Chronic maternal hypercortisolemia in late gestation alters fetal cardiac function at birth

Abstract

Studies in our laboratory have shown that modest chronic increases in maternal cortisol concentrations over the last 0.20 of gestation impair maternal glucose metabolism and increase the incidence of perinatal stillbirth. Previous studies had found that an increase in maternal cortisol concentrations from 115 to 130 days of gestation in sheep increased both proliferation in fetal cardiomyocytes and apoptosis in the fetal cardiac Purkinje fibers. We hypothesized that the adverse effects of excess cortisol may result in defects in cardiac conduction during labor and delivery. In the present study, we infused cortisol (1 mg·kg^-1·day^-1) into late gestation pregnant ewes and continuously monitored fetal aortic pressure and ECG through labor and delivery. We found that, although the fetuses of cortisol infused ewes had normal late gestation patterns of arterial pressure and heart rate, there was a significant decrease in fetal aortic pressure and heart rate on the day of birth, specifically in the final hour before delivery. Significant changes in the fetal ECG were also apparent on the day of birth, including prolongation of the P wave and P-R interval. We speculate that chronic exposure to glucocorticoids alters cardiac metabolism or ion homeostasis, contributing to cardiac dysfunction, precipitated by active labor and delivery.

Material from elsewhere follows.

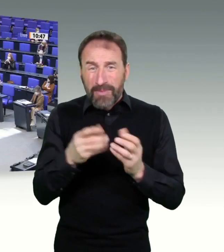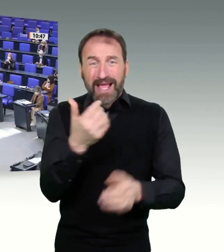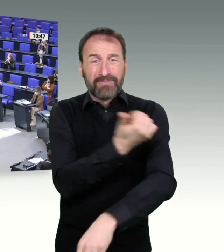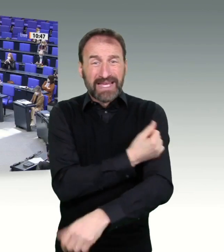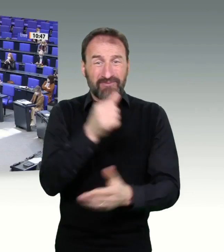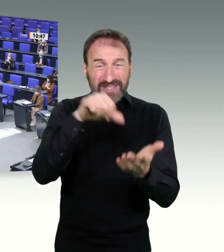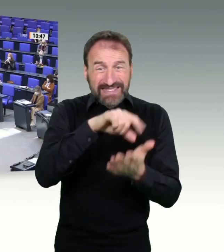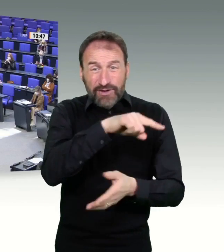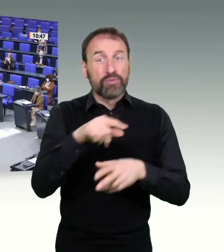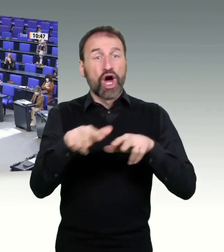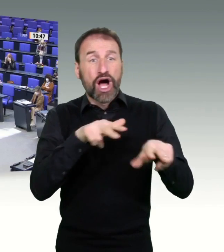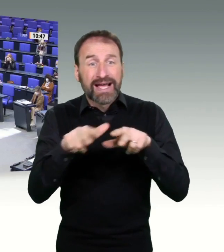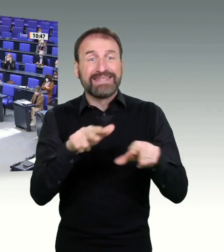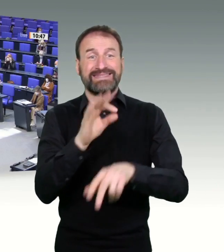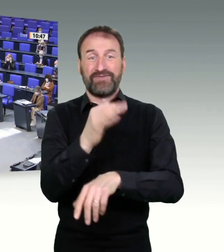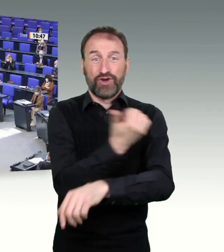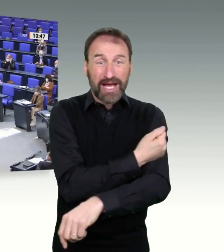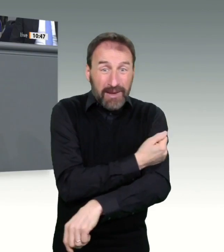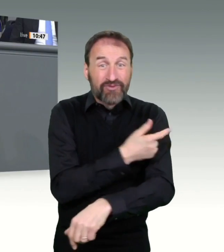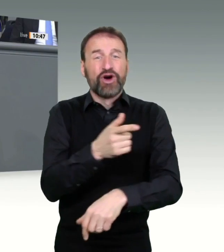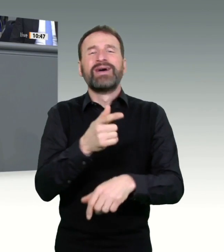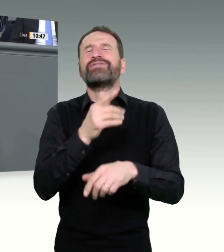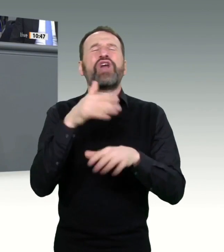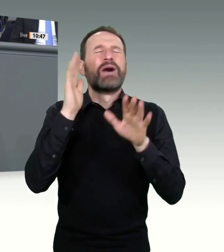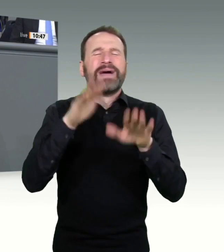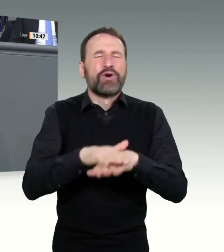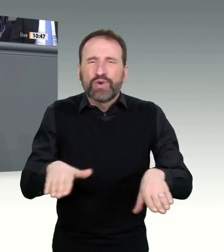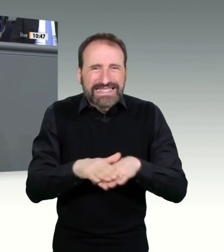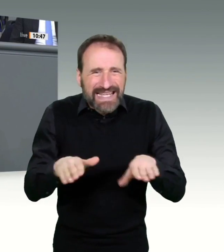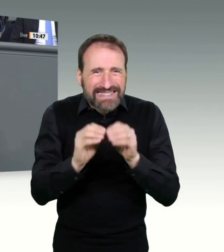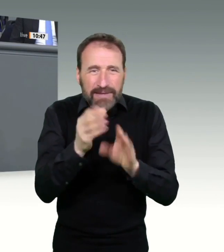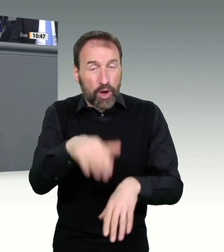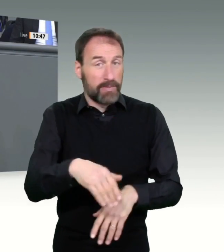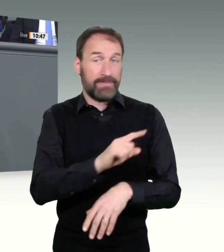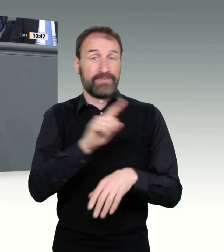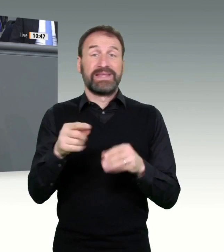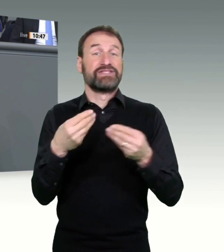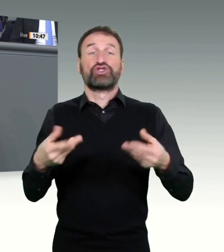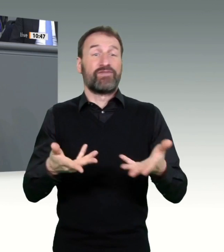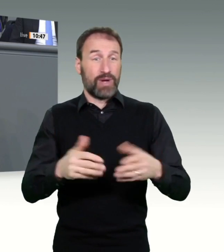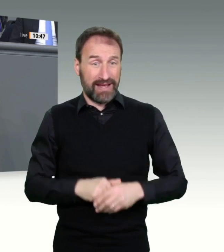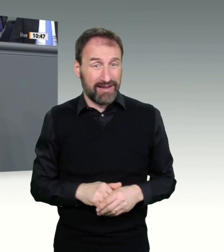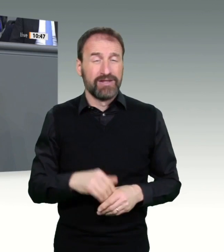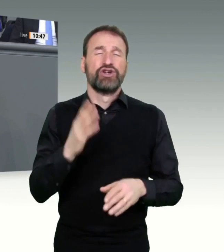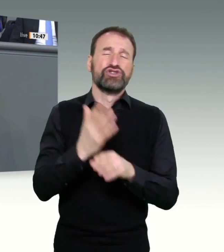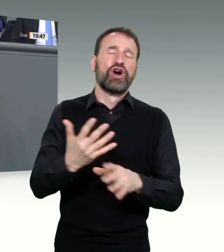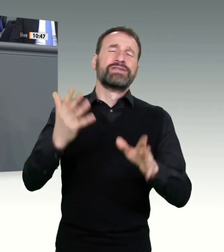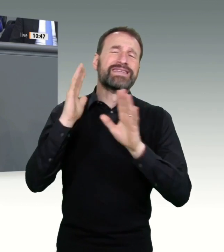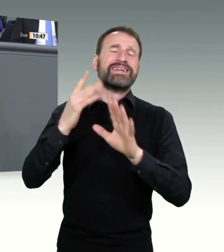Überall fehlt es an personellen, finanziellen und anderen Ressourcen, auch und gerade im öffentlichen Gesundheitsdienst. Dazu

Keywords: ECG; cortisol; fetus; telemetry.

Fig. 1.

Plasma cortisol (A and D), glucose (B and E), and lactate (C and F) concentrations in control ewes (A–C) and their fetuses (○; D–F), or ewes that were infused with cortisol during pregnancy (1.0 mg·kg⁻¹·day⁻¹; A–C) and their fetuses (●; CORT group; D–F). *Significant overall effect of time. **Significant overall effect of maternal cortisol treatment. †Values significantly different between groups at the indicated time point. d, Days of gestation.

Fig. 2.

Blood Po₂ (A), Pco₂ (B), and pH (C) in fetuses of control ewes (○) or fetuses of ewes that were infused with cortisol during pregnancy (1.0 mg·kg⁻¹·day⁻¹; ●).

Fig. 3.

Mean aortic pressure (A, F, and K), systolic pressure (B, G, and L), diastolic pressure (C, H, and M), heart rate (D, I, and N), and rate-pressure product (E, J, and O) during late gestation (A–E), the immediate perinatal period (F–J), and 10 min after birth (K–O) in fetuses of control ewes (○) or fetuses of ewes infused with cortisol during pregnancy (1.0 mg·kg⁻¹·day⁻¹; ●). *Significant effect of time. ***Significant interaction between the effects of maternal cortisol treatment and time. †Values significantly different between groups at the indicated time point.

Fig. 4.

The duration of the P-R interval (A and C) and the P wave (B and D) during late gestation (A and B) and the immediate perinatal period (C and D) in fetuses of control ewes (○) or fetuses of ewes infused with cortisol during pregnancy (1.0 mg·kg⁻¹·day⁻¹; ●). *Significant effect of time. **Significant overall effect of maternal cortisol treatment. ***Significant interaction effect of maternal cortisol treatment and time. †Values significantly different between groups at the indicated time point.

Fig. 5.

Examples of ECG abnormalities identified in four cortisol-treated fetuses or lambs at the time of birth. A: atrioventricular (AV) block (P wave with no associated QRS complex) and elevated ST segment in a fetus during active labor. B: notched (or split) P wave in a newborn lamb. C: atrial fibrillation in a newborn lamb who later succumbed. D: abnormal ST segment and notched P waves in a newborn lamb. Note that the shape of the ECG varies with the positioning of the lead on the chest wall relative to the lead secured within the jugular. Thus the shape can vary between fetuses and also within fetus, depending on the orientation of the fetus.